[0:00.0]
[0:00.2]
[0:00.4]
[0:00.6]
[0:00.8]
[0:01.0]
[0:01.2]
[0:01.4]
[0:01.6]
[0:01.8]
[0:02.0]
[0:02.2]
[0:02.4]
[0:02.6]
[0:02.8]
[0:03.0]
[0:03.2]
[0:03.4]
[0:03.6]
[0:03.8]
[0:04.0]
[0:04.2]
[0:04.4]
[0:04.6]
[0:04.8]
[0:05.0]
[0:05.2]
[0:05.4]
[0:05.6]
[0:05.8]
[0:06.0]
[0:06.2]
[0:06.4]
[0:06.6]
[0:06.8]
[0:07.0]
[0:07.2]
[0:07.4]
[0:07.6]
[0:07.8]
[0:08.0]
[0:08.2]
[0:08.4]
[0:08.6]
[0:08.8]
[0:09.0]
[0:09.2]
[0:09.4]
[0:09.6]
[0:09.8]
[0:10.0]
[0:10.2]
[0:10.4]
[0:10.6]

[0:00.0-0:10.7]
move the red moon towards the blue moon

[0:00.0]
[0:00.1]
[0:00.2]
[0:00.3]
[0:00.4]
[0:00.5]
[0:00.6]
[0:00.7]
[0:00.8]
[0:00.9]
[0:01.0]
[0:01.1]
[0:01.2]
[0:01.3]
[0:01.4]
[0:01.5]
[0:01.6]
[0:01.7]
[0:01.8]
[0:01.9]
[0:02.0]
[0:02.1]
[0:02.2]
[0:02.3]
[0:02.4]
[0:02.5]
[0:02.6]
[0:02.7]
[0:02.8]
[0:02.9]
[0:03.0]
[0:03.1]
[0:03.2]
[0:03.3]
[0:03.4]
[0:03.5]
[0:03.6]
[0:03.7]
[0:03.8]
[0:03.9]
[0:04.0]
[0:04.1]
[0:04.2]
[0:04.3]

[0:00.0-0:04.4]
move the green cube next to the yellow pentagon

━━━━━━━━━━━━━━━━━━━━

◆ Task prompt: Copy the data word for word.

◆ Finished exercise:
[0:00.0]
[0:00.2]
[0:00.4]
[0:00.6]
[0:00.8]
[0:01.0]
[0:01.2]
[0:01.4]
[0:01.6]
[0:01.8]
[0:02.0]
[0:02.2]
[0:02.4]
[0:02.6]
[0:02.8]
[0:03.0]
[0:03.2]
[0:03.4]
[0:03.6]
[0:03.8]
[0:04.0]
[0:04.2]
[0:04.4]
[0:04.6]
[0:04.8]
[0:05.0]
[0:05.2]
[0:05.4]
[0:05.6]
[0:05.8]
[0:06.0]
[0:06.2]
[0:06.4]
[0:06.6]
[0:06.8]
[0:07.0]
[0:07.2]
[0:07.4]
[0:07.6]
[0:07.8]
[0:08.0]
[0:08.2]
[0:08.4]
[0:08.6]
[0:08.8]
[0:09.0]
[0:09.2]
[0:09.4]
[0:09.6]
[0:09.8]
[0:10.0]
[0:10.2]
[0:10.4]
[0:10.6]

[0:00.0-0:10.7]
move the red moon towards the blue moon

[0:00.0]
[0:00.1]
[0:00.2]
[0:00.3]
[0:00.4]
[0:00.5]
[0:00.6]
[0:00.7]
[0:00.8]
[0:00.9]
[0:01.0]
[0:01.1]
[0:01.2]
[0:01.3]
[0:01.4]
[0:01.5]
[0:01.6]
[0:01.7]
[0:01.8]
[0:01.9]
[0:02.0]
[0:02.1]
[0:02.2]
[0:02.3]
[0:02.4]
[0:02.5]
[0:02.6]
[0:02.7]
[0:02.8]
[0:02.9]
[0:03.0]
[0:03.1]
[0:03.2]
[0:03.3]
[0:03.4]
[0:03.5]
[0:03.6]
[0:03.7]
[0:03.8]
[0:03.9]
[0:04.0]
[0:04.1]
[0:04.2]
[0:04.3]

[0:00.0-0:04.4]
move the green cube next to the yellow pentagon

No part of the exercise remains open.